WHAT YOU ARE ASKED TO DO: Each record, word for word and stripped of pictures, is what the answer should contain.

== RECORDS SUPPLIED ==

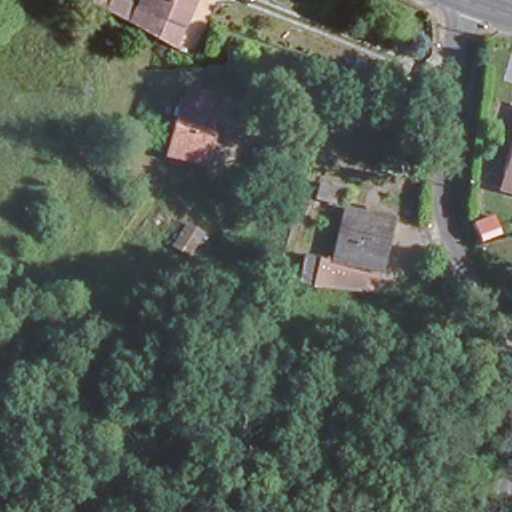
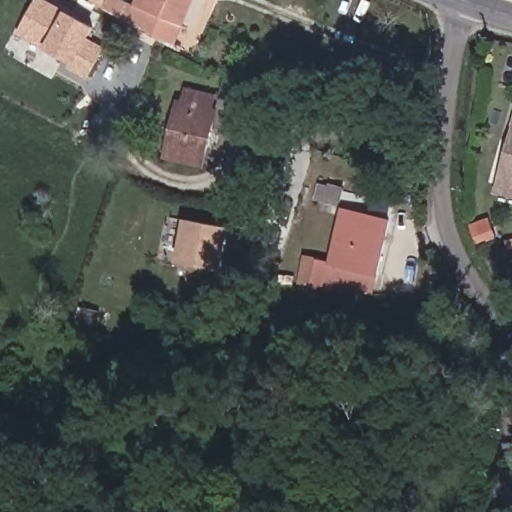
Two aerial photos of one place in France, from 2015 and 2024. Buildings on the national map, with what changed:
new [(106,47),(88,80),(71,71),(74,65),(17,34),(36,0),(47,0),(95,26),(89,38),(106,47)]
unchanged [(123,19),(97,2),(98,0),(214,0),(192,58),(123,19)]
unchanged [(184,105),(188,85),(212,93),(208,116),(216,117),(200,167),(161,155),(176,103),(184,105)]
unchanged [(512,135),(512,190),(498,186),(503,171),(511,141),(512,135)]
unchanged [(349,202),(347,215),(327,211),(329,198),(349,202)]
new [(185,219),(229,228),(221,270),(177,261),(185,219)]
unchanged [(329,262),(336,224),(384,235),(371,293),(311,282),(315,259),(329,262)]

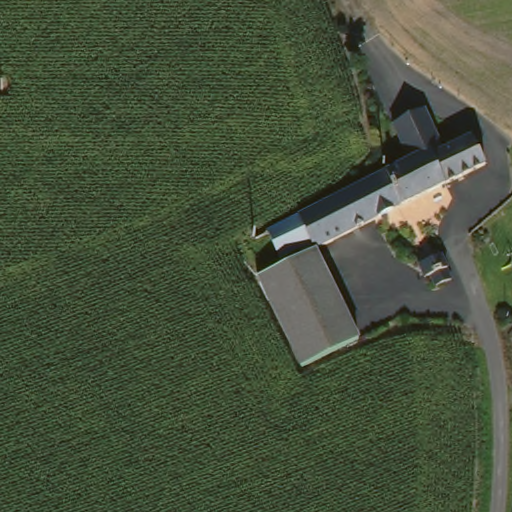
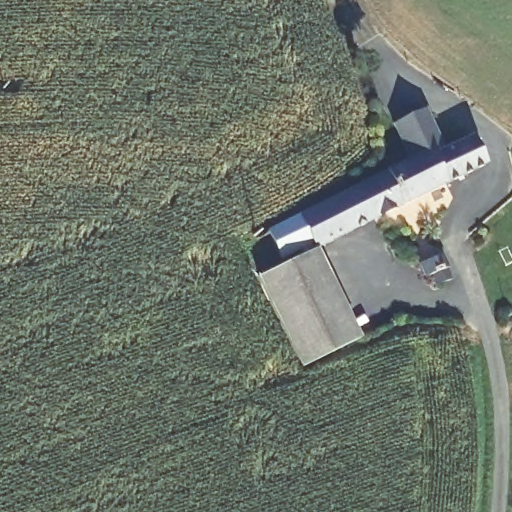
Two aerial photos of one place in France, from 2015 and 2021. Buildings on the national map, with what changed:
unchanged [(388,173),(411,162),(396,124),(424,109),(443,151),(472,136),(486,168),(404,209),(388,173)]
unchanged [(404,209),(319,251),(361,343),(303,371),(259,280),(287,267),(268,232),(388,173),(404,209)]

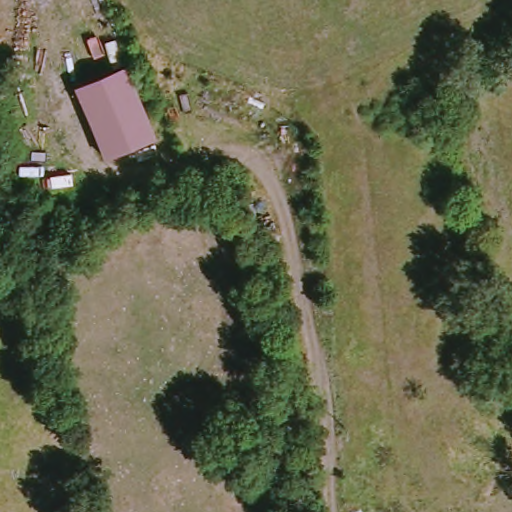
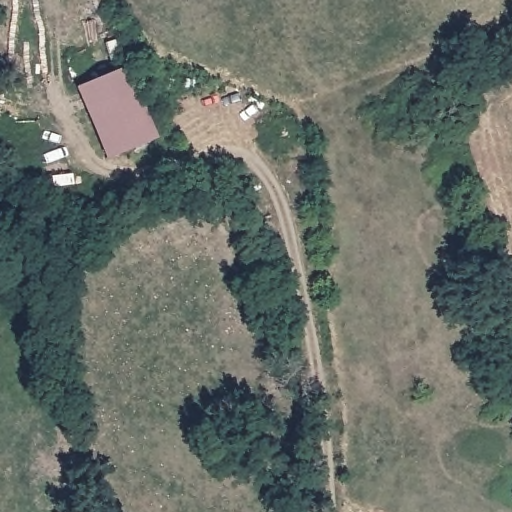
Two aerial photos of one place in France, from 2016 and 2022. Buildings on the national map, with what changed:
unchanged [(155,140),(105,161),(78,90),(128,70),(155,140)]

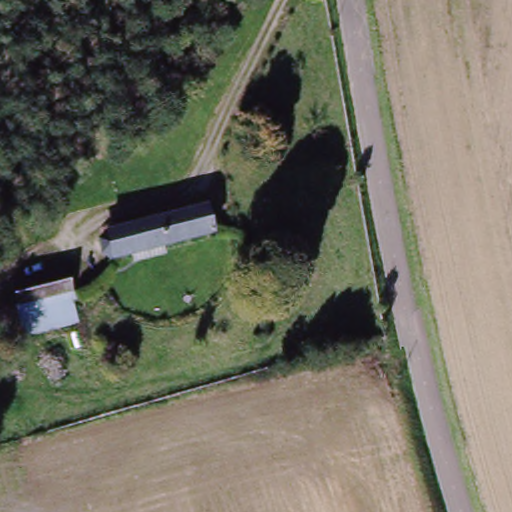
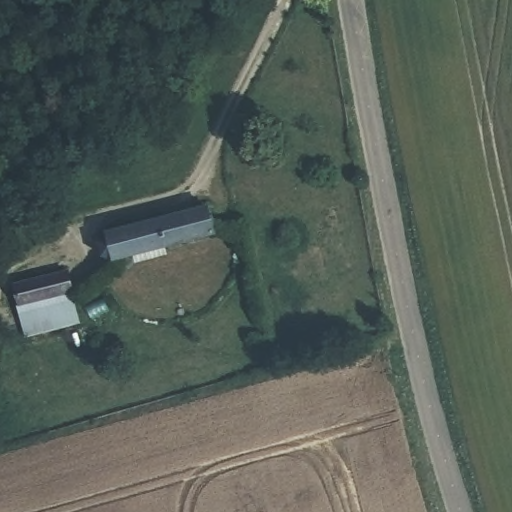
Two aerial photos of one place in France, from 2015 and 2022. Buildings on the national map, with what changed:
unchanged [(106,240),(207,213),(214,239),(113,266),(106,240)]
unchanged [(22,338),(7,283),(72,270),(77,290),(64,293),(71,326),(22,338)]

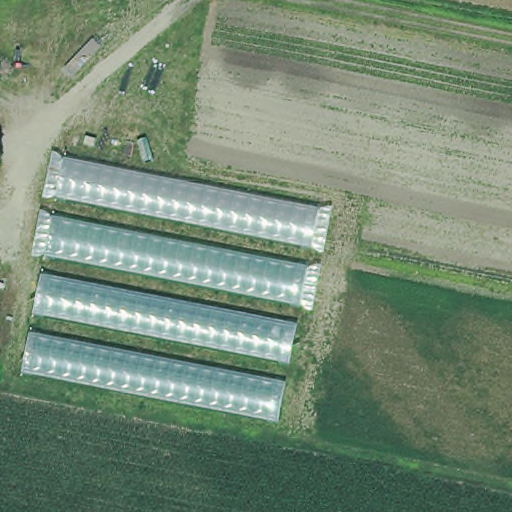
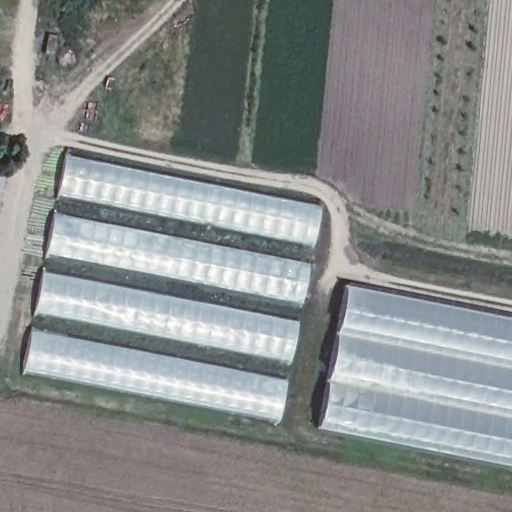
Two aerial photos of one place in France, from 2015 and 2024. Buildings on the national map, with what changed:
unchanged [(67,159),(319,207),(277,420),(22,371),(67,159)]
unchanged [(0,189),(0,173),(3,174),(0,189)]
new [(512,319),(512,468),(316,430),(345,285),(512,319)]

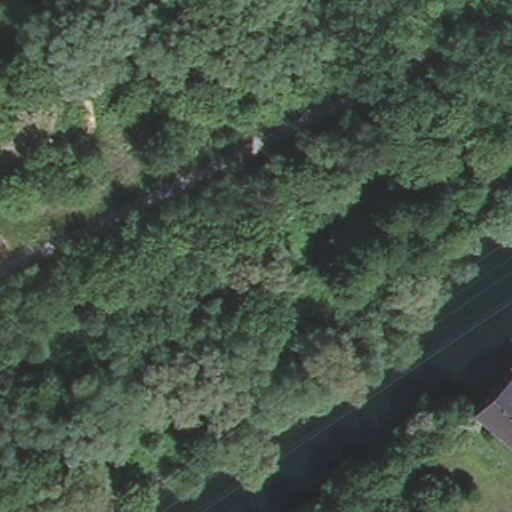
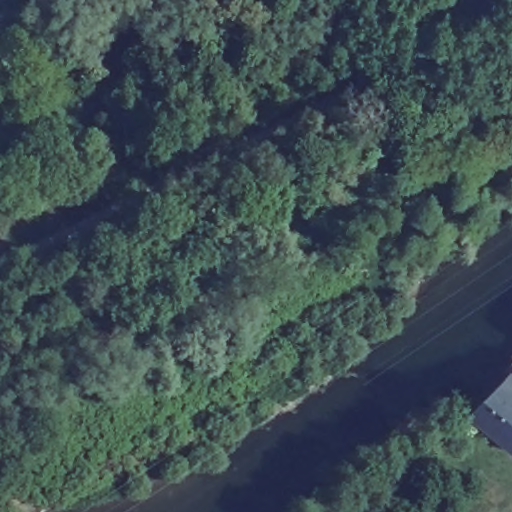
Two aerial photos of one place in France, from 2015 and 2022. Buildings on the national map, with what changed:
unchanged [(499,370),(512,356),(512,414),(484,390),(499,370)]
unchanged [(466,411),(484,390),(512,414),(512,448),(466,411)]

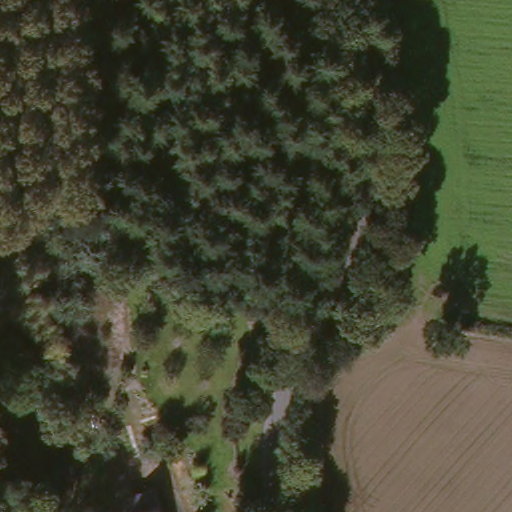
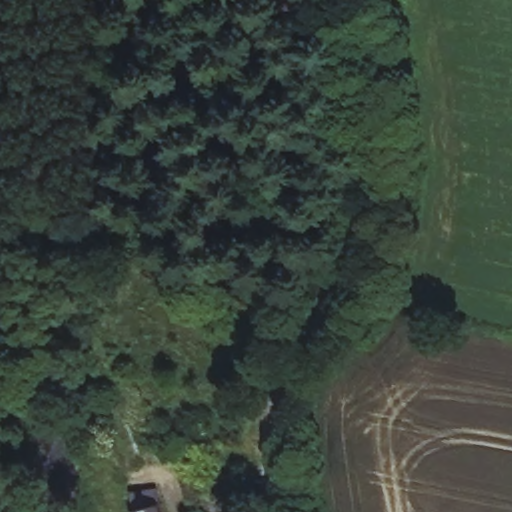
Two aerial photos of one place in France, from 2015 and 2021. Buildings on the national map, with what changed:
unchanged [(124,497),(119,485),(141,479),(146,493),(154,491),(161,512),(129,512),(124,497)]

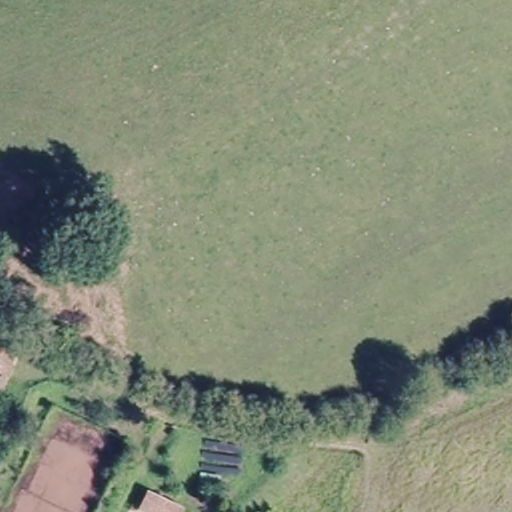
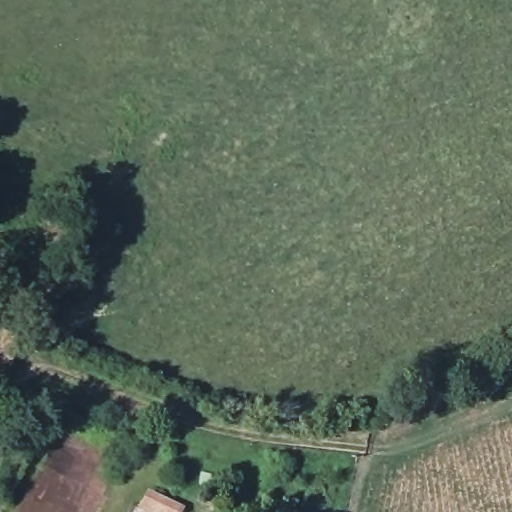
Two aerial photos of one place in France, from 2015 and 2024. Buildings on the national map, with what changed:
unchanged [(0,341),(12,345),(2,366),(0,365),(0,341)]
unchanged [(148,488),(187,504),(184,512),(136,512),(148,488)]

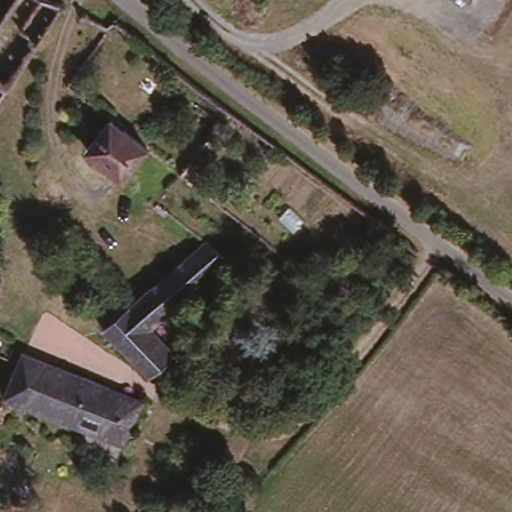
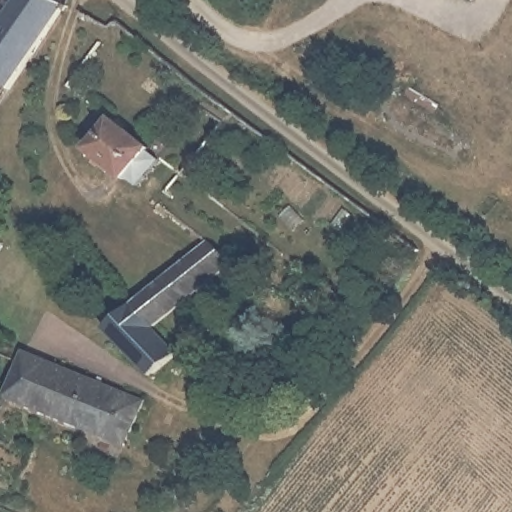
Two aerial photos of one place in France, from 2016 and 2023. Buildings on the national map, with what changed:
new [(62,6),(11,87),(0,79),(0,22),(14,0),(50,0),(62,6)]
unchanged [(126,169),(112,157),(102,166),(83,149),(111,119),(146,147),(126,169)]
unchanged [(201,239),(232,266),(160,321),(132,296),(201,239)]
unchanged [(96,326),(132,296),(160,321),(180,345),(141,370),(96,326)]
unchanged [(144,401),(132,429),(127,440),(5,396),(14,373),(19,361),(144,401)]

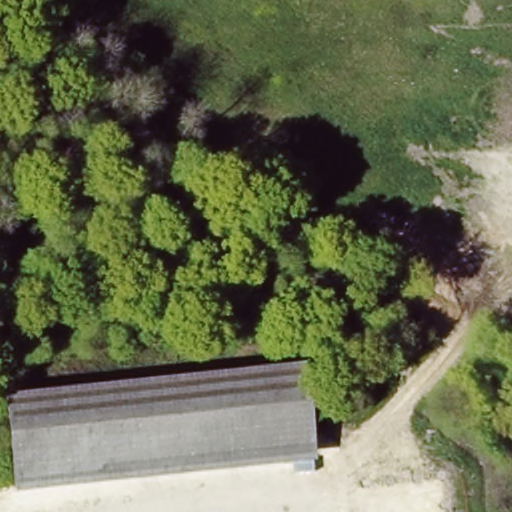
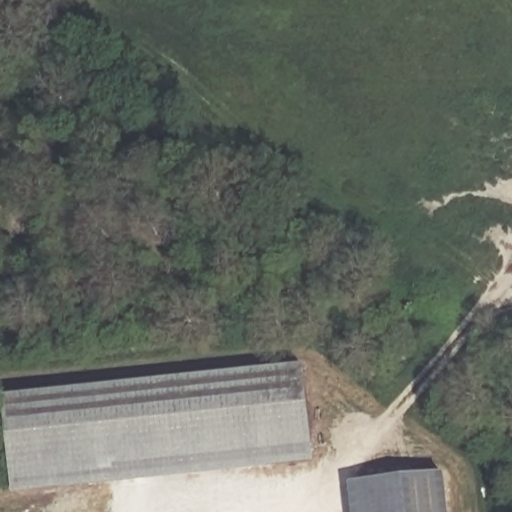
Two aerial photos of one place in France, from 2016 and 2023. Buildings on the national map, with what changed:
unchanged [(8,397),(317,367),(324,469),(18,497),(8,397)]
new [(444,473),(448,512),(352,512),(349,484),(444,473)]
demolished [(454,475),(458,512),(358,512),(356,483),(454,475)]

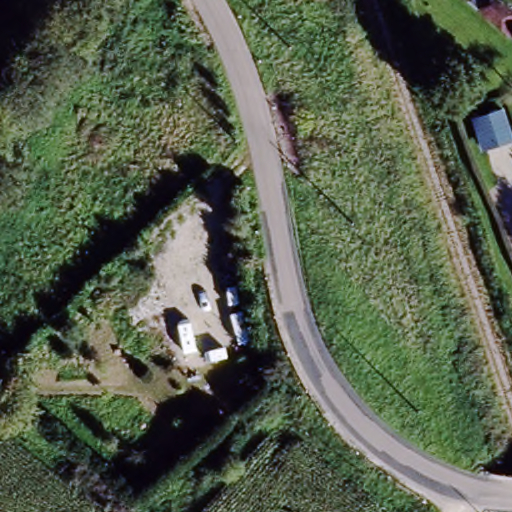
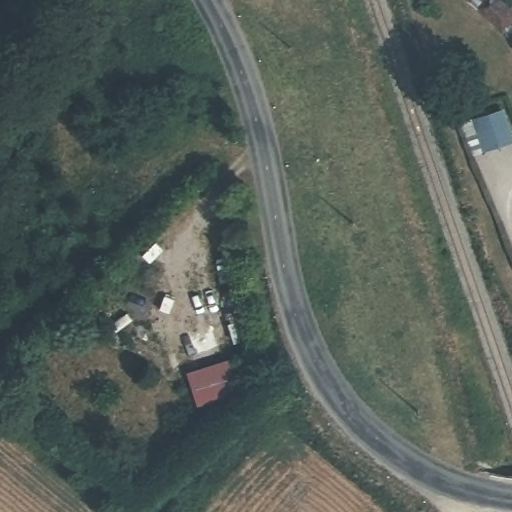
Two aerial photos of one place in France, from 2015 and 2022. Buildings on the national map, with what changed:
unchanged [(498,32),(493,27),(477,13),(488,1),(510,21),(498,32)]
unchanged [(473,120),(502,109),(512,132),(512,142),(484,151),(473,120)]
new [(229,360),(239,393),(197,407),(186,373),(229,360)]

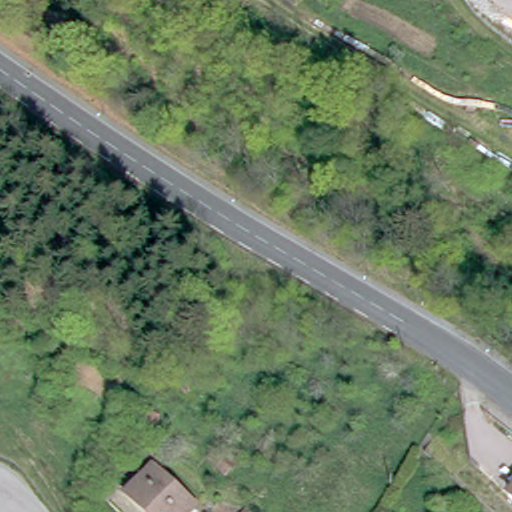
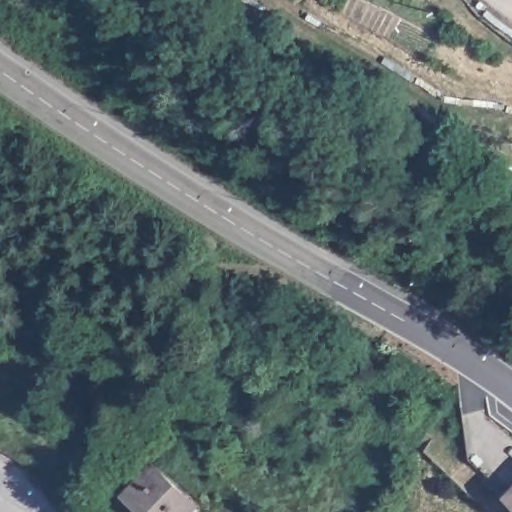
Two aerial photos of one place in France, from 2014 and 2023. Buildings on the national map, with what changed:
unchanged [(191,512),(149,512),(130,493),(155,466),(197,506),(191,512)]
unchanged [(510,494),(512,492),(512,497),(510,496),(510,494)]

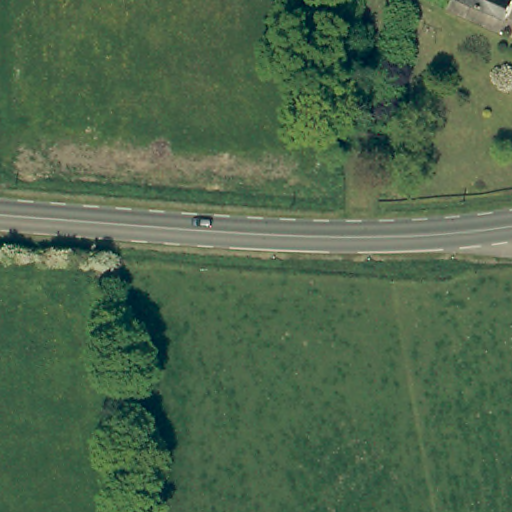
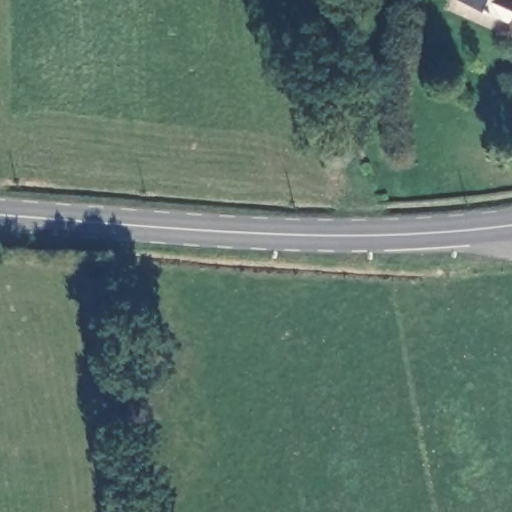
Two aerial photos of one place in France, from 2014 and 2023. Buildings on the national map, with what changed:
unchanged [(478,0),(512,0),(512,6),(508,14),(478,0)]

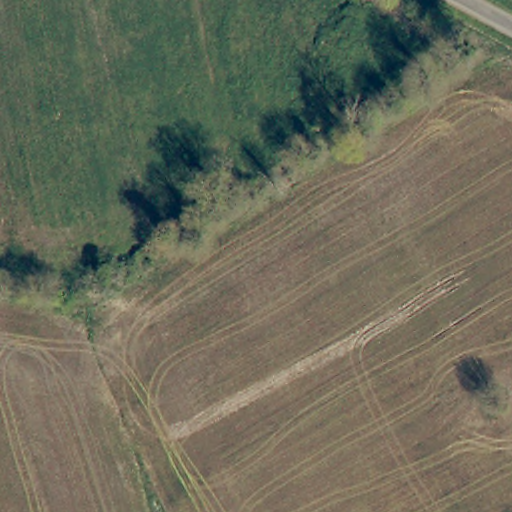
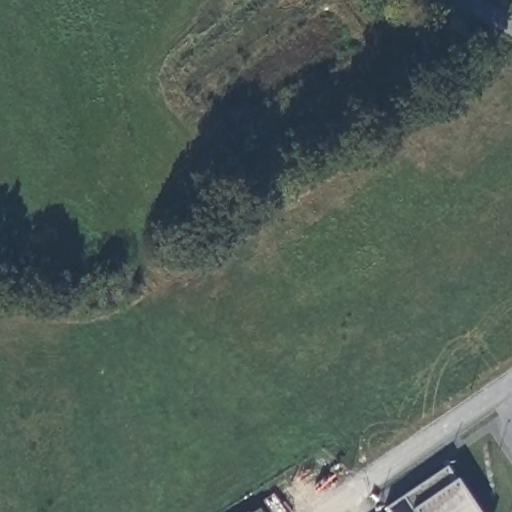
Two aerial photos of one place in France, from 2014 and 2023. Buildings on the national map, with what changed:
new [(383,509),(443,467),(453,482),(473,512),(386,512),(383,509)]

===

ANSWER SECTION:
Two aerial photos of one place in France, from 2015 and 2024. Buildings on the national map, with what changed:
new [(106,47),(88,80),(71,71),(74,65),(17,34),(36,0),(47,0),(95,26),(89,38),(106,47)]
unchanged [(123,19),(97,2),(98,0),(214,0),(192,58),(123,19)]
unchanged [(184,105),(188,85),(212,93),(208,116),(216,117),(200,167),(161,155),(176,103),(184,105)]
unchanged [(512,135),(512,190),(498,186),(503,171),(511,141),(512,135)]
unchanged [(349,202),(347,215),(327,211),(329,198),(349,202)]
new [(185,219),(229,228),(221,270),(177,261),(185,219)]
unchanged [(329,262),(336,224),(384,235),(371,293),(311,282),(315,259),(329,262)]

Two aerial photos of one place in France, from 2015 and 2021. Buildings on the national map, with what changed:
unchanged [(388,173),(411,162),(396,124),(424,109),(443,151),(472,136),(486,168),(404,209),(388,173)]
unchanged [(404,209),(319,251),(361,343),(303,371),(259,280),(287,267),(268,232),(388,173),(404,209)]

Two aerial photos of one place in France, from 2016 and 2022. Buildings on the national map, with what changed:
unchanged [(155,140),(105,161),(78,90),(128,70),(155,140)]

Two aerial photos of one place in France, from 2015 and 2022. Buildings on the national map, with what changed:
unchanged [(106,240),(207,213),(214,239),(113,266),(106,240)]
unchanged [(22,338),(7,283),(72,270),(77,290),(64,293),(71,326),(22,338)]

Two aerial photos of one place in France, from 2015 and 2024. Buildings on the national map, with what changed:
unchanged [(67,159),(319,207),(277,420),(22,371),(67,159)]
unchanged [(0,189),(0,173),(3,174),(0,189)]
new [(512,319),(512,468),(316,430),(345,285),(512,319)]

Two aerial photos of one place in France, from 2015 and 2022. Buildings on the national map, with what changed:
unchanged [(499,370),(512,356),(512,414),(484,390),(499,370)]
unchanged [(466,411),(484,390),(512,414),(512,448),(466,411)]

Two aerial photos of one place in France, from 2015 and 2021. Buildings on the national map, with what changed:
unchanged [(124,497),(119,485),(141,479),(146,493),(154,491),(161,512),(129,512),(124,497)]

Two aerial photos of one place in France, from 2015 and 2024. Buildings on the national map, with what changed:
unchanged [(0,341),(12,345),(2,366),(0,365),(0,341)]
unchanged [(148,488),(187,504),(184,512),(136,512),(148,488)]

Two aerial photos of one place in France, from 2016 and 2023. Buildings on the national map, with what changed:
new [(62,6),(11,87),(0,79),(0,22),(14,0),(50,0),(62,6)]
unchanged [(126,169),(112,157),(102,166),(83,149),(111,119),(146,147),(126,169)]
unchanged [(201,239),(232,266),(160,321),(132,296),(201,239)]
unchanged [(96,326),(132,296),(160,321),(180,345),(141,370),(96,326)]
unchanged [(144,401),(132,429),(127,440),(5,396),(14,373),(19,361),(144,401)]

Two aerial photos of one place in France, from 2016 and 2023. Buildings on the national map, with what changed:
unchanged [(8,397),(317,367),(324,469),(18,497),(8,397)]
new [(444,473),(448,512),(352,512),(349,484),(444,473)]
demolished [(454,475),(458,512),(358,512),(356,483),(454,475)]

Two aerial photos of one place in France, from 2015 and 2022. Buildings on the national map, with what changed:
unchanged [(498,32),(493,27),(477,13),(488,1),(510,21),(498,32)]
unchanged [(473,120),(502,109),(512,132),(512,142),(484,151),(473,120)]
new [(229,360),(239,393),(197,407),(186,373),(229,360)]

Two aerial photos of one place in France, from 2014 and 2023. Buildings on the national map, with what changed:
unchanged [(191,512),(149,512),(130,493),(155,466),(197,506),(191,512)]
unchanged [(510,494),(512,492),(512,497),(510,496),(510,494)]

Two aerial photos of one place in France, from 2014 and 2023. Buildings on the national map, with what changed:
unchanged [(478,0),(512,0),(512,6),(508,14),(478,0)]

Two aerial photos of one place in France, from 2014 and 2023. Buildings on the national map, with what changed:
new [(383,509),(443,467),(453,482),(473,512),(386,512),(383,509)]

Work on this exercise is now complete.